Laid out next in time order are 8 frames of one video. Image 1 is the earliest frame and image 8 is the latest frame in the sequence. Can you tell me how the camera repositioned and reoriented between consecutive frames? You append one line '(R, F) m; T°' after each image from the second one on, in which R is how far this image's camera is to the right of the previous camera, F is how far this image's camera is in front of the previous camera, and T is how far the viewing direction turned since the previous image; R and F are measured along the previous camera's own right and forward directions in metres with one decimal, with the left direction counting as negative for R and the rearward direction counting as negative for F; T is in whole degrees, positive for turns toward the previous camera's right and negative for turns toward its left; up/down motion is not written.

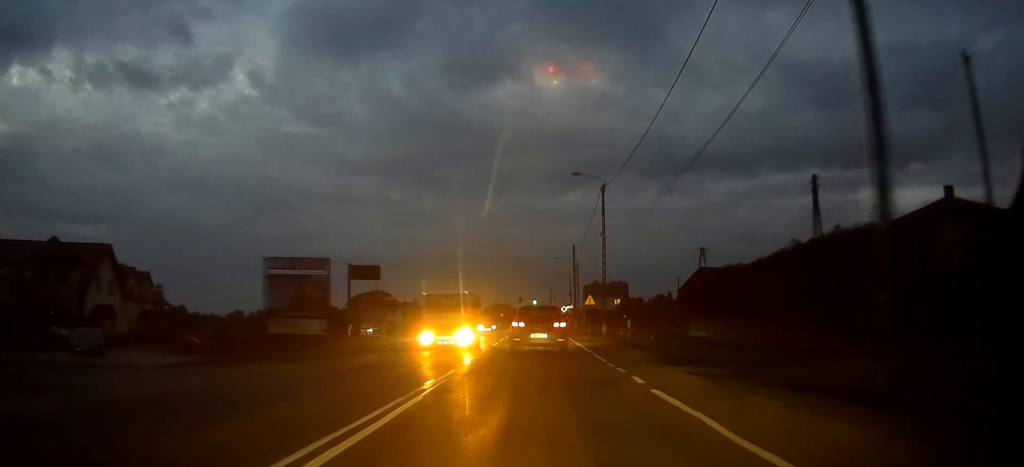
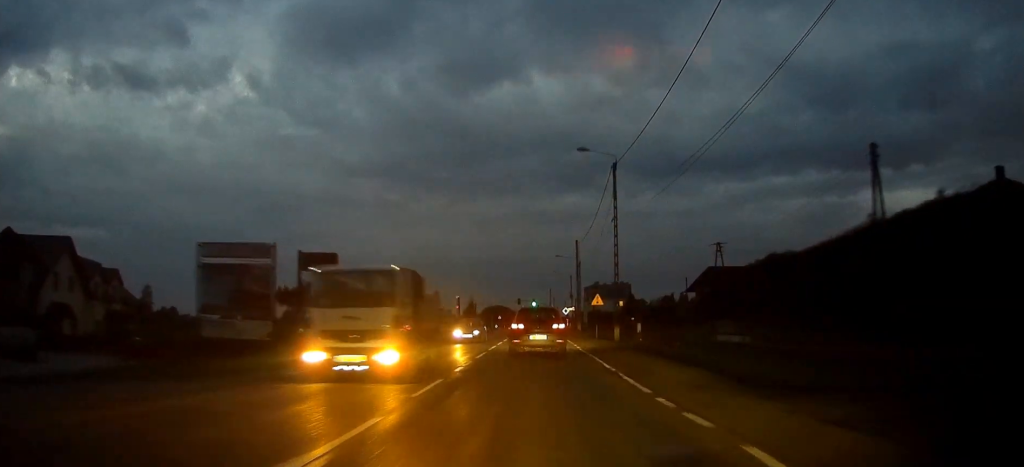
(0.0, +7.3) m; 0°
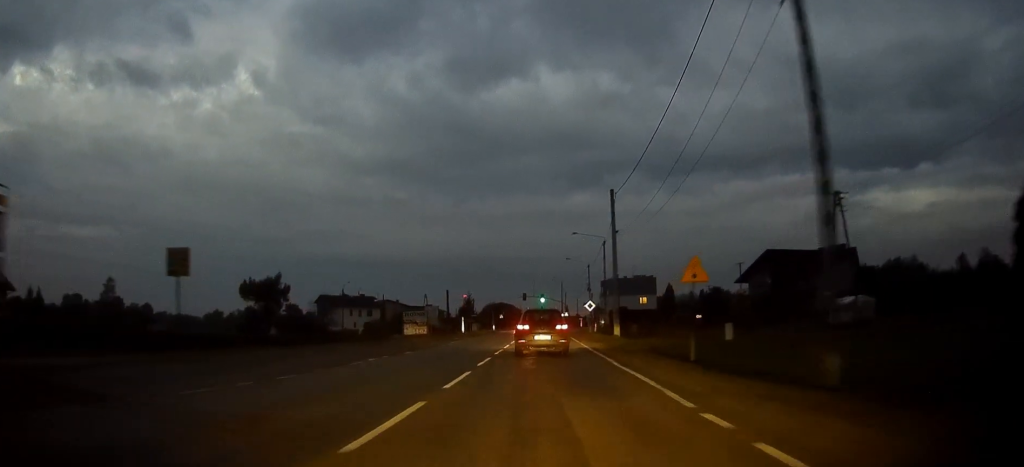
(+0.1, +27.1) m; -1°
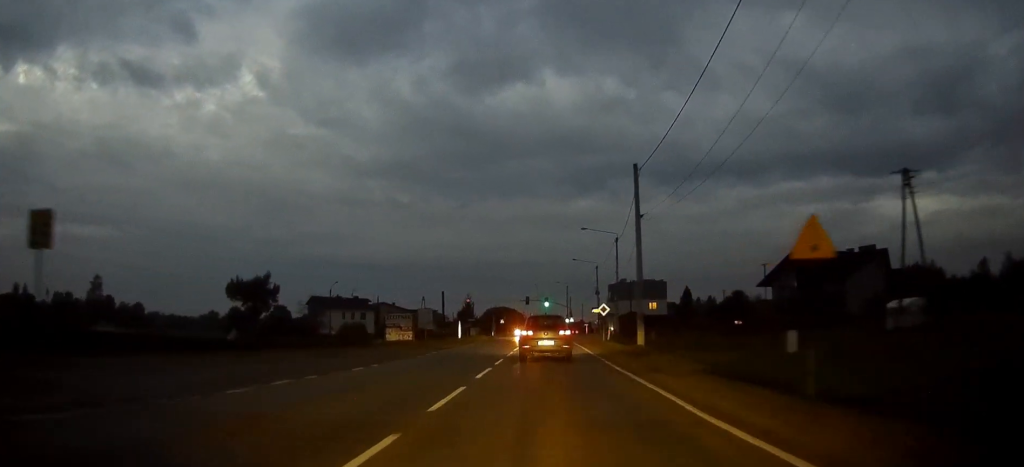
(-0.2, +8.4) m; 0°
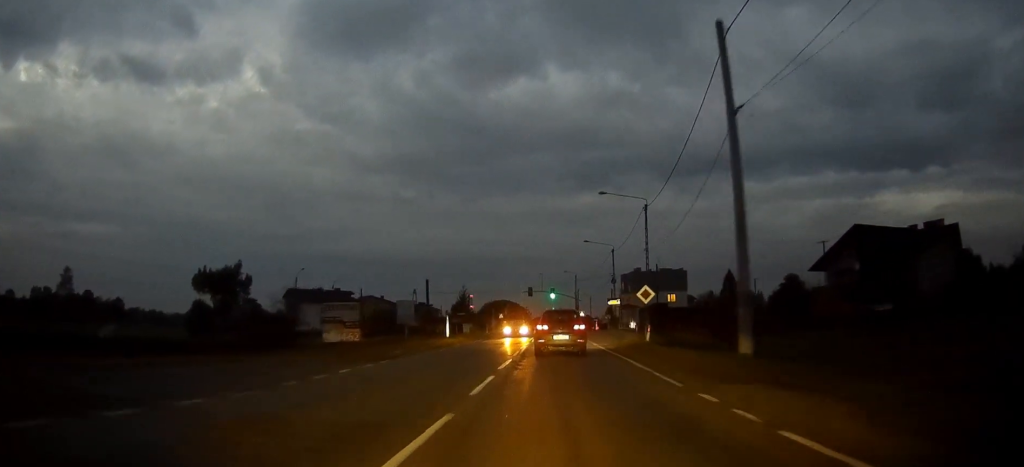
(0.0, +16.4) m; +1°
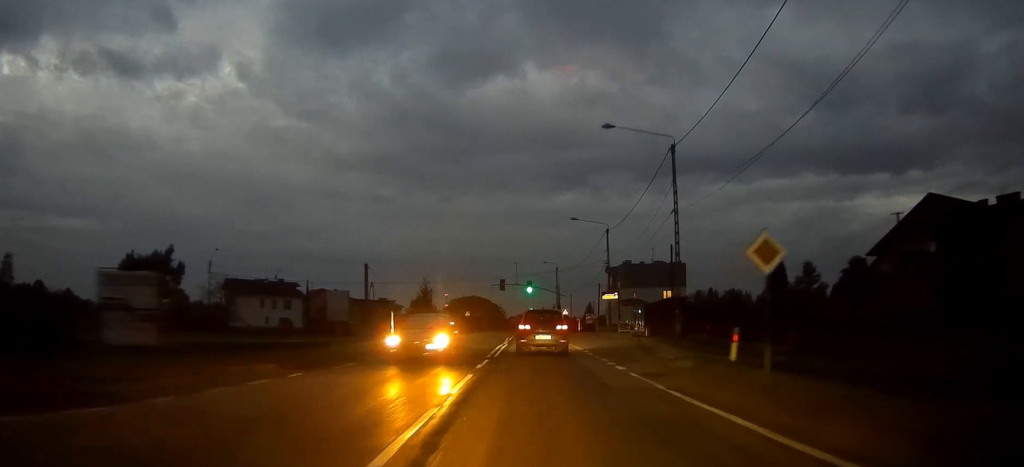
(+0.1, +18.2) m; +1°
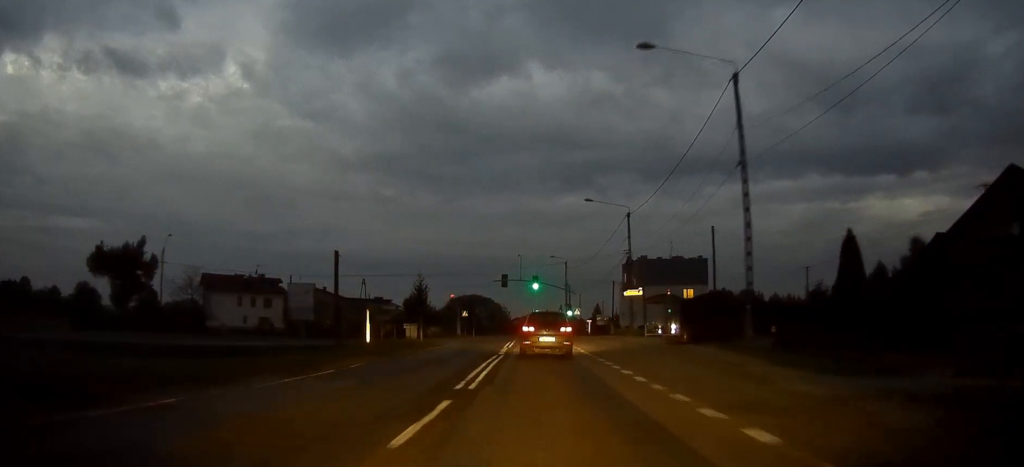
(0.0, +10.7) m; 0°
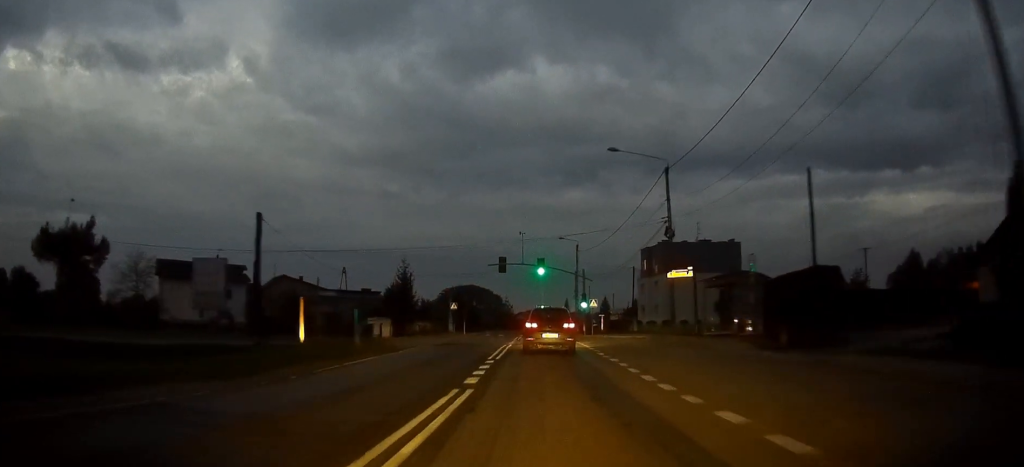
(-0.1, +14.8) m; 0°
********
Goal of the exercise = Without the pictures, repeat every line of the material above exactly.

Exercise response =
Laid out next in time order are 8 frames of one video. Image 1 is the earliest frame and image 8 is the latest frame in the sequence. Can you tell me how the camera repositioned and reoriented between consecutive frames? You append one line '(R, F) m; T°' after each image from the second one on, in which R is how far this image's camera is to the right of the previous camera, F is how far this image's camera is in front of the previous camera, and T is how far the viewing direction turned since the previous image; R and F are measured along the previous camera's own right and forward directions in metres with one decimal, with the left direction counting as negative for R and the rearward direction counting as negative for F; T is in whole degrees, positive for turns toward the previous camera's right and negative for turns toward its left; up/down motion is not written.

(0.0, +7.3) m; 0°
(+0.1, +27.1) m; -1°
(-0.2, +8.4) m; 0°
(0.0, +16.4) m; +1°
(+0.1, +18.2) m; +1°
(0.0, +10.7) m; 0°
(-0.1, +14.8) m; 0°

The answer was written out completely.